Frequently Asked Questions

What is the IUPAC name of N-[2-[4-(furan-2-yl)quinolin-8-yl]-3-methylsulfanylpropyl]-6-(6-methyl-3-pyridinyl)pyrimidin-4-amine?
The IUPAC name of N-[2-[4-(furan-2-yl)quinolin-8-yl]-3-methylsulfanylpropyl]-6-(6-methyl-3-pyridinyl)pyrimidin-4-amine (CID 123206558) is N-[2-[4-(furan-2-yl)quinolin-8-yl]-3-methylsulfanylpropyl]-6-(6-methyl-3-pyridinyl)pyrimidin-4-amine.
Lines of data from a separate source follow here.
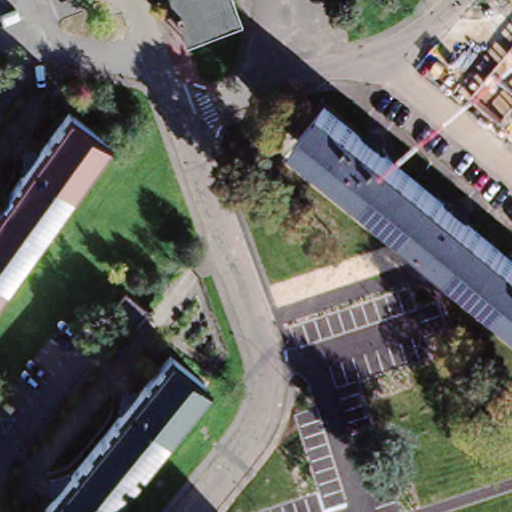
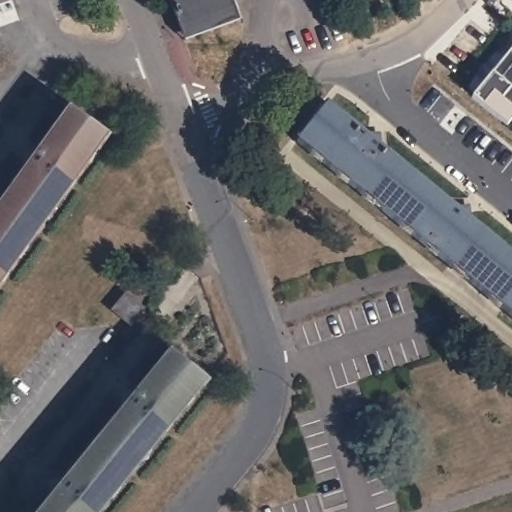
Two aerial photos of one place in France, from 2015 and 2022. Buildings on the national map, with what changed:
unchanged [(186,31),(176,7),(173,9),(169,0),(230,0),(234,13),(186,31)]
new [(512,46),(512,108),(511,110),(512,111),(512,117),(505,125),(470,97),(512,46)]
unchanged [(512,260),(512,313),(299,139),(325,106),(512,260)]
unchanged [(0,278),(0,207),(68,114),(102,138),(0,278)]
unchanged [(141,310),(129,325),(113,312),(124,298),(141,310)]
unchanged [(199,382),(95,512),(42,512),(166,356),(199,382)]

What is the SMILES notation for N-[2-[4-(furan-2-yl)quinolin-8-yl]-3-methylsulfanylpropyl]-6-(6-methyl-3-pyridinyl)pyrimidin-4-amine?
The canonical SMILES for N-[2-[4-(furan-2-yl)quinolin-8-yl]-3-methylsulfanylpropyl]-6-(6-methyl-3-pyridinyl)pyrimidin-4-amine is CSCC(CNc1cc(-c2ccc(C)nc2)ncn1)c1cccc2c(-c3ccco3)ccnc12.
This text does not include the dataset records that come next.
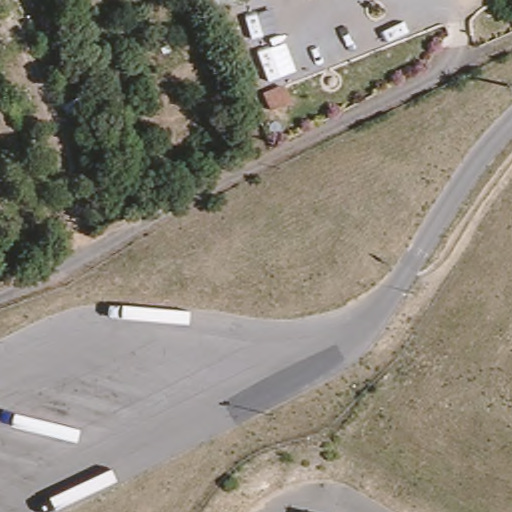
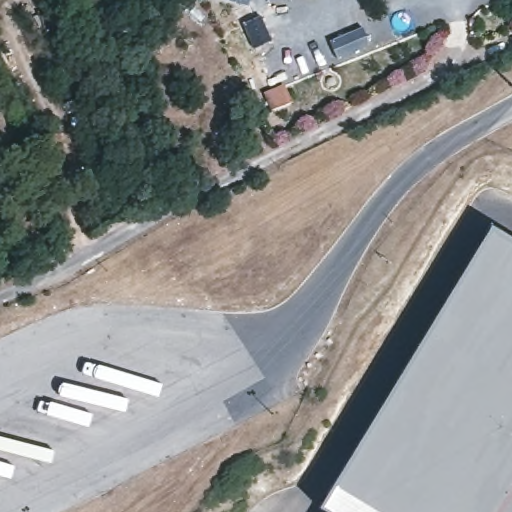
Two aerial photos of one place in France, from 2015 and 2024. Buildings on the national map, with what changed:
new [(483,221),(512,238),(512,512),(323,512),(313,504),(483,221)]

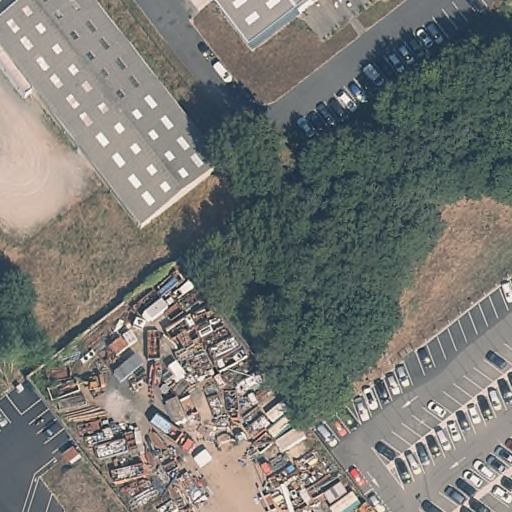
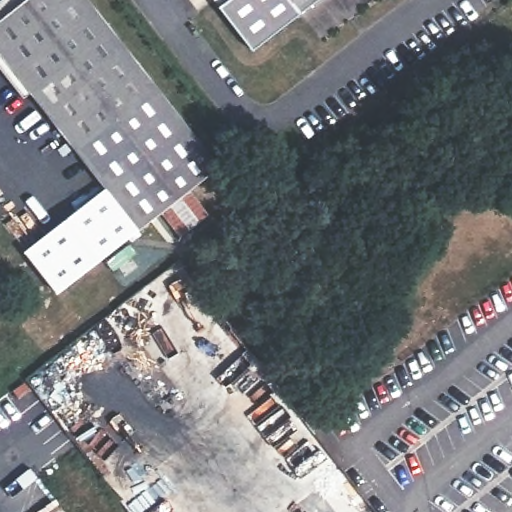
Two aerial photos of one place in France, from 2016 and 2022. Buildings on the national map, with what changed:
unchanged [(35,107),(0,64),(0,16),(20,0),(90,0),(210,156),(130,219),(42,101),(35,107)]
unchanged [(229,0),(317,0),(251,52),(217,9),(229,0)]
new [(107,188),(130,219),(210,156),(219,170),(191,191),(210,214),(180,238),(160,215),(56,295),(22,253),(107,188)]

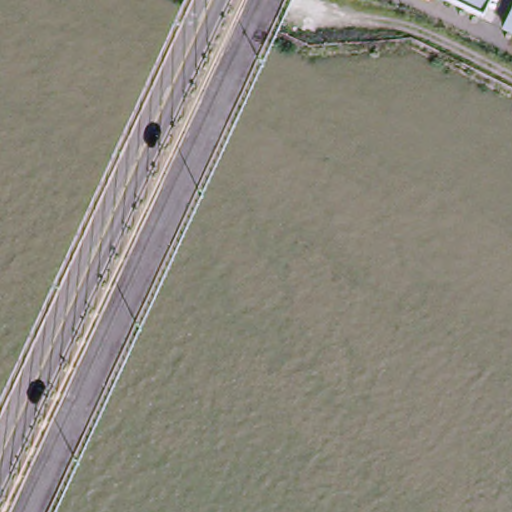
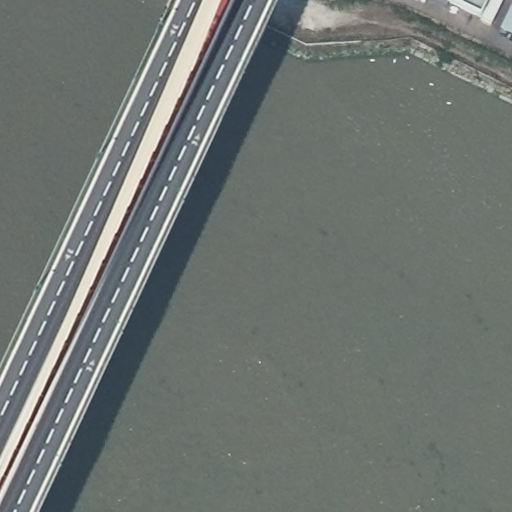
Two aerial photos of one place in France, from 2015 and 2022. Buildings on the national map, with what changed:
unchanged [(445,0),(495,0),(485,20),(445,0)]
unchanged [(499,33),(511,9),(512,10),(512,39),(499,33)]

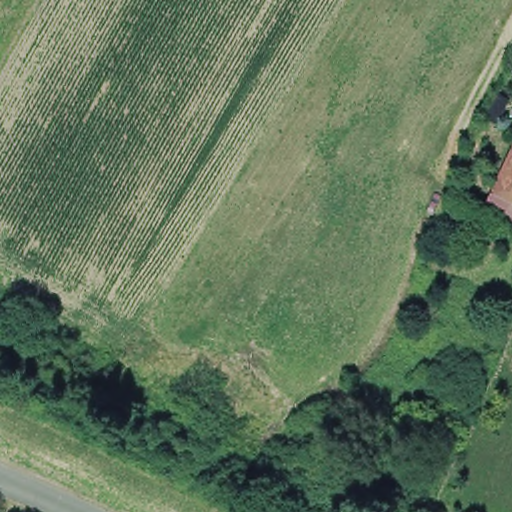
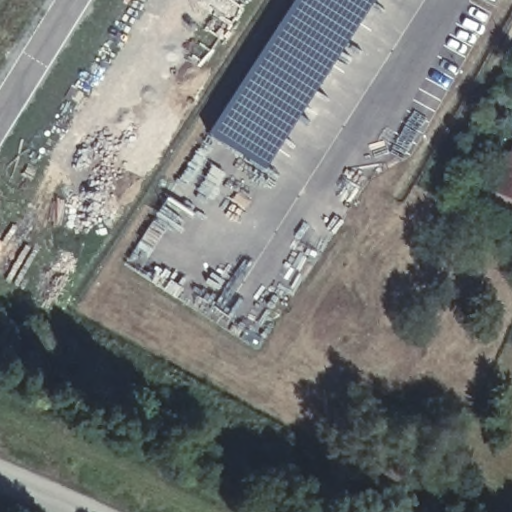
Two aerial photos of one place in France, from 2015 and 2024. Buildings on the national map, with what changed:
new [(292,0),(377,0),(265,172),(206,134),(292,0)]
unchanged [(510,188),(493,179),(512,138),(512,211),(502,206),(510,188)]

What is the InChIKey of N-[2-[4-(furan-2-yl)quinolin-8-yl]-3-methylsulfanylpropyl]-6-(6-methyl-3-pyridinyl)pyrimidin-4-amine?
The InChIKey is KLIQCKNMFPMDBG-UHFFFAOYSA-N. The full InChI is InChI=1S/C27H25N5OS/c1-18-8-9-19(14-29-18)24-13-26(32-17-31-24)30-15-20(16-34-2)21-5-3-6-23-22(10-11-28-27(21)23)25-7-4-12-33-25/h3-14,17,20H,15-16H2,1-2H3,(H,30,31,32).
What are the key properties of N-[2-[4-(furan-2-yl)quinolin-8-yl]-3-methylsulfanylpropyl]-6-(6-methyl-3-pyridinyl)pyrimidin-4-amine?
N-[2-[4-(furan-2-yl)quinolin-8-yl]-3-methylsulfanylpropyl]-6-(6-methyl-3-pyridinyl)pyrimidin-4-amine has a molecular weight of 467.60 g/mol, XLogP of 6.21, 8 rotatable bonds, 1 hydrogen bond donors, and 7 hydrogen bond acceptors.
Where does this data come from?
All data for N-[2-[4-(furan-2-yl)quinolin-8-yl]-3-methylsulfanylpropyl]-6-(6-methyl-3-pyridinyl)pyrimidin-4-amine is sourced from PubChem (CID 123206558), the world's largest open chemistry database maintained by the National Library of Medicine (NIH).